A bill circulating through Congress would stop the Biden administration from stockpiling records on American gun owners by altering federal law to allow firearm dealers to destroy sales records.

The bill, a copy of which was obtained by the Washington Free Beacon, is a response to the Free Beacon's January report detailing how the Biden administration's Bureau of Alcohol, Tobacco, Firearms, and Explosives (ATF) has amassed nearly one billion records detailing American citizens' firearm purchases, a figure that is far higher than Congress and the public has been aware of.
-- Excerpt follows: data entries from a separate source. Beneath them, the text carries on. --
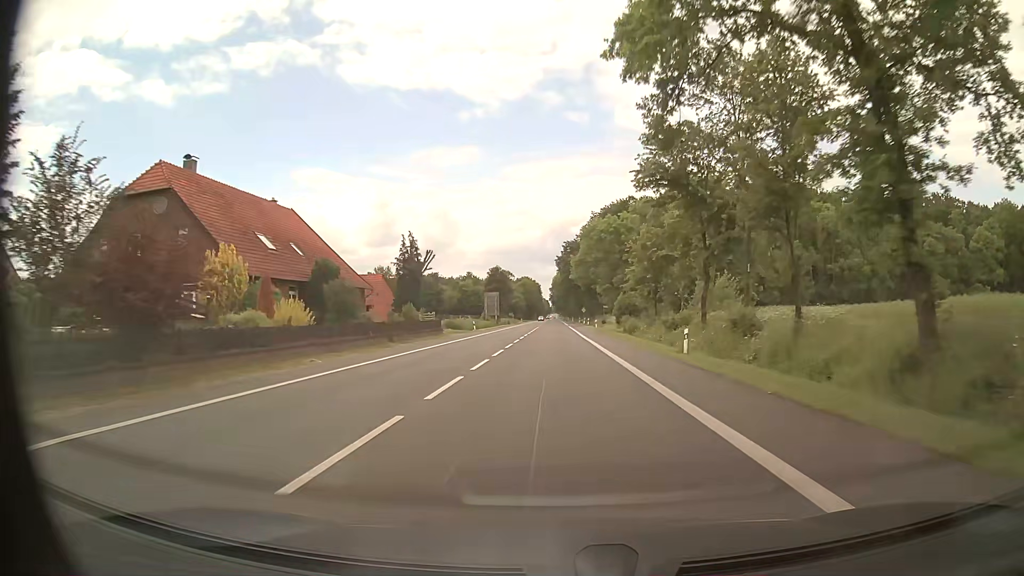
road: primary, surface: asphalt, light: Day
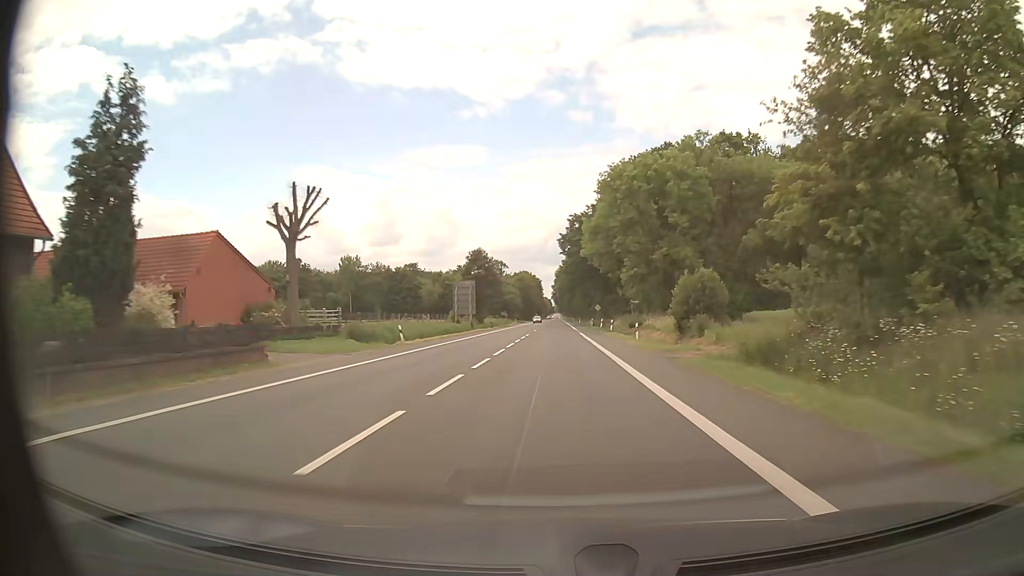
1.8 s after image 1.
(-0.1, +35.9) m; 0°
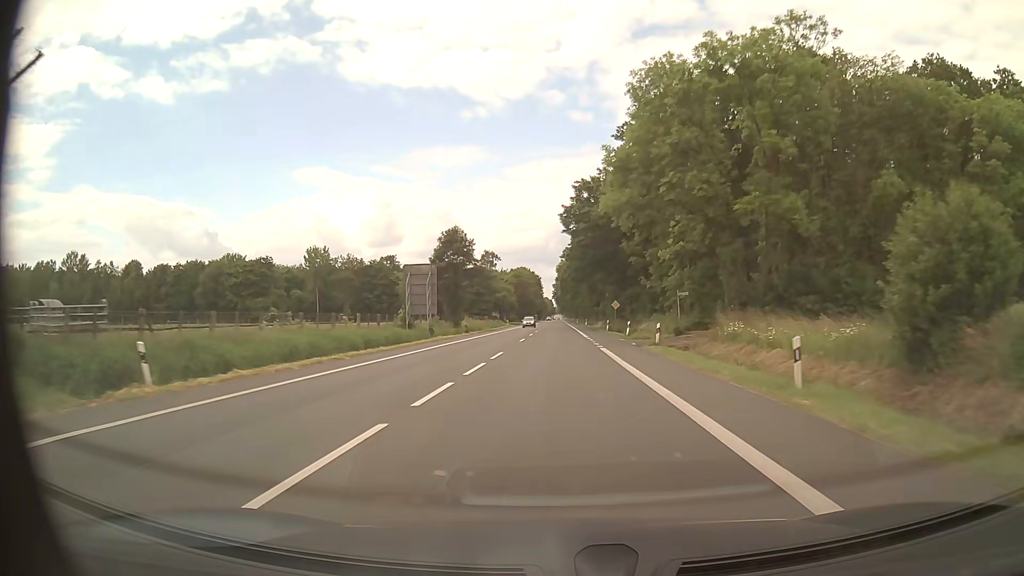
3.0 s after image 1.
(-0.3, +25.4) m; -1°
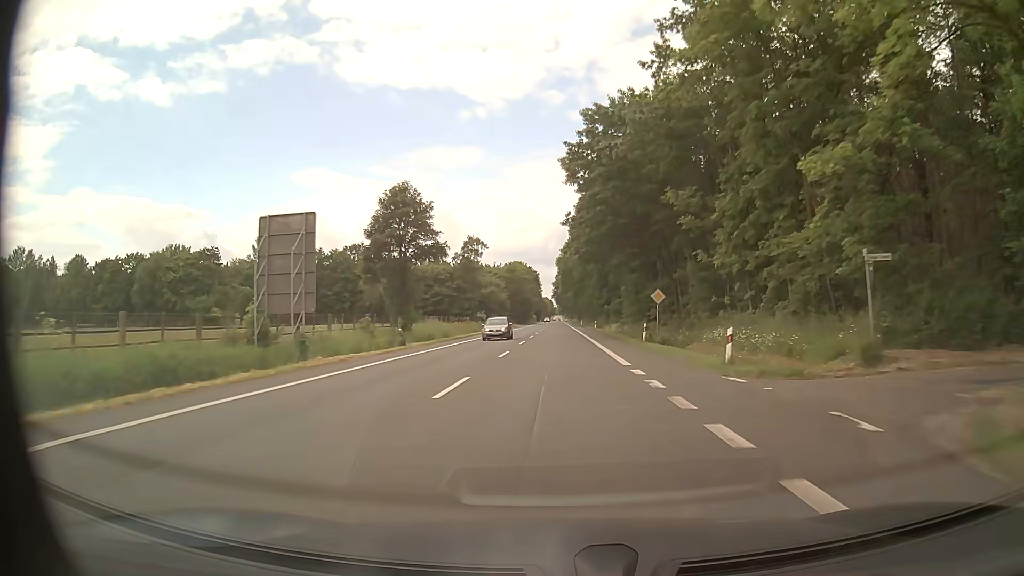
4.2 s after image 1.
(-0.1, +26.5) m; 0°
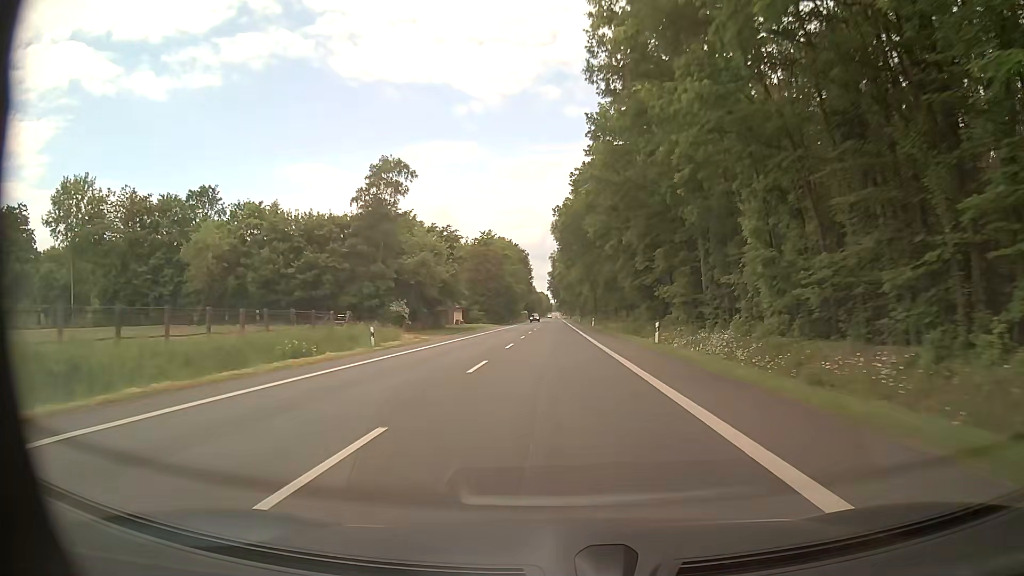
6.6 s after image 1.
(+0.2, +56.0) m; 0°
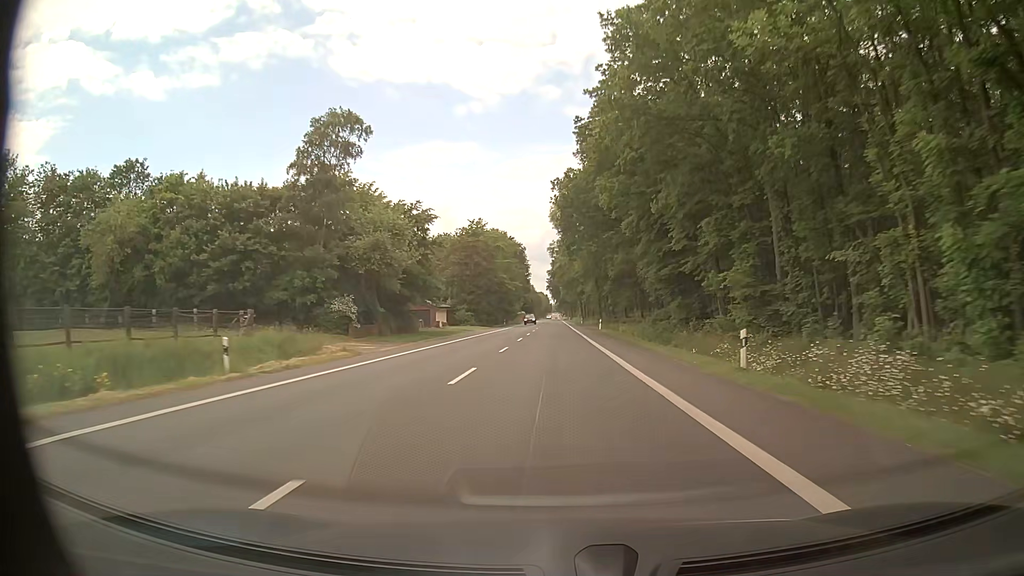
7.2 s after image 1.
(0.0, +14.6) m; 0°
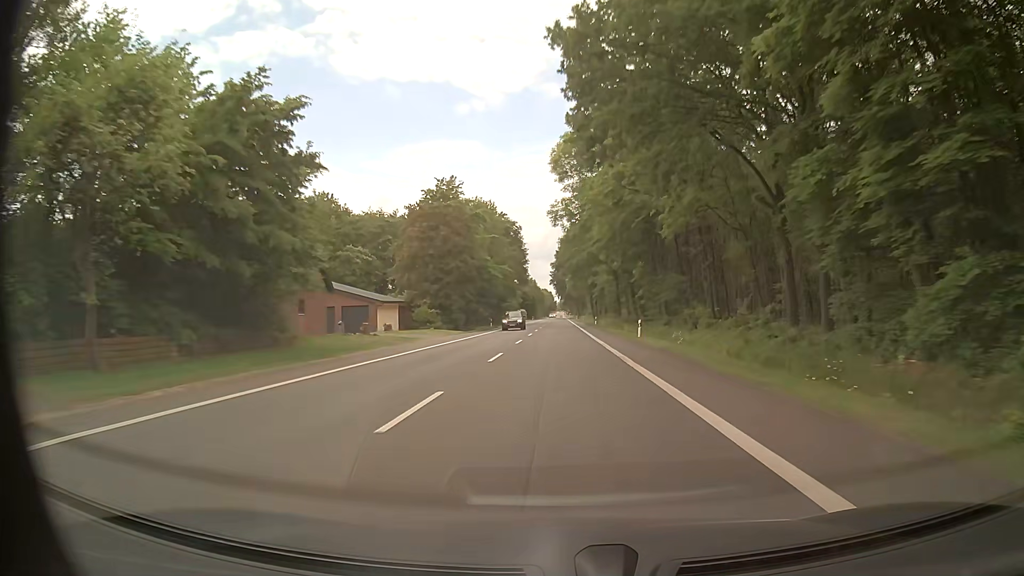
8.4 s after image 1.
(-0.2, +29.9) m; -1°
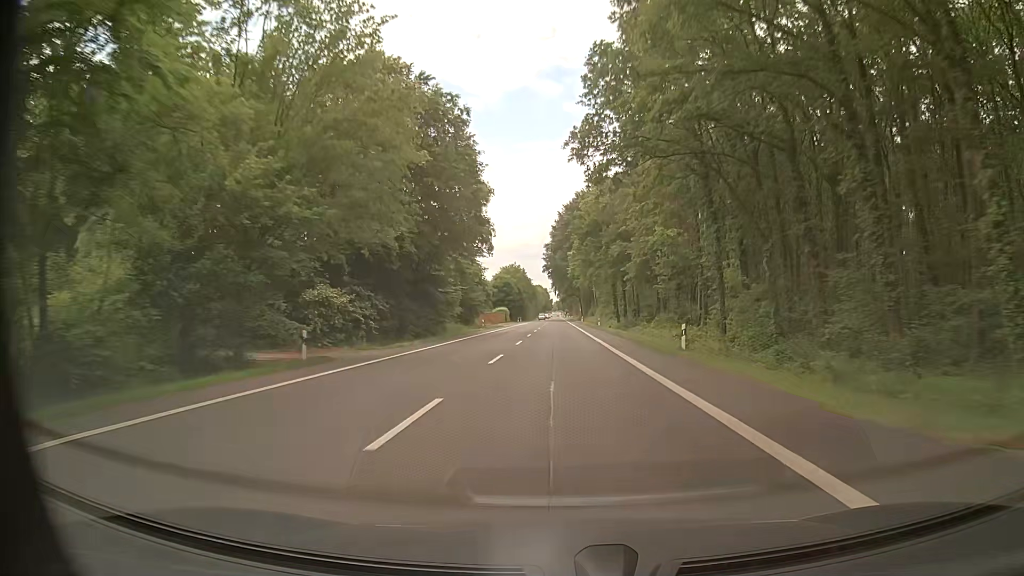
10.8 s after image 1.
(0.0, +61.2) m; 0°
(0, +10) (0, +20) (0, +30) (0, +40) (0, +50) (0, +60) (0, +70) (0, +80) (0, +90) (0, +100) m

Rep. Michael Cloud (R., Texas), a chief critic of the ATF's gun database, is spearheading the legislation, which is likely to garner support from a wide range of Republican lawmakers but few Democrats in the House. The bill, dubbed the No REGISTRY Rights Act, would require the ATF to delete all existing records detailing American firearm sales. The ATF has been collecting this data for years, even though U.S. law prohibits the government from keeping a federal database on gun owners.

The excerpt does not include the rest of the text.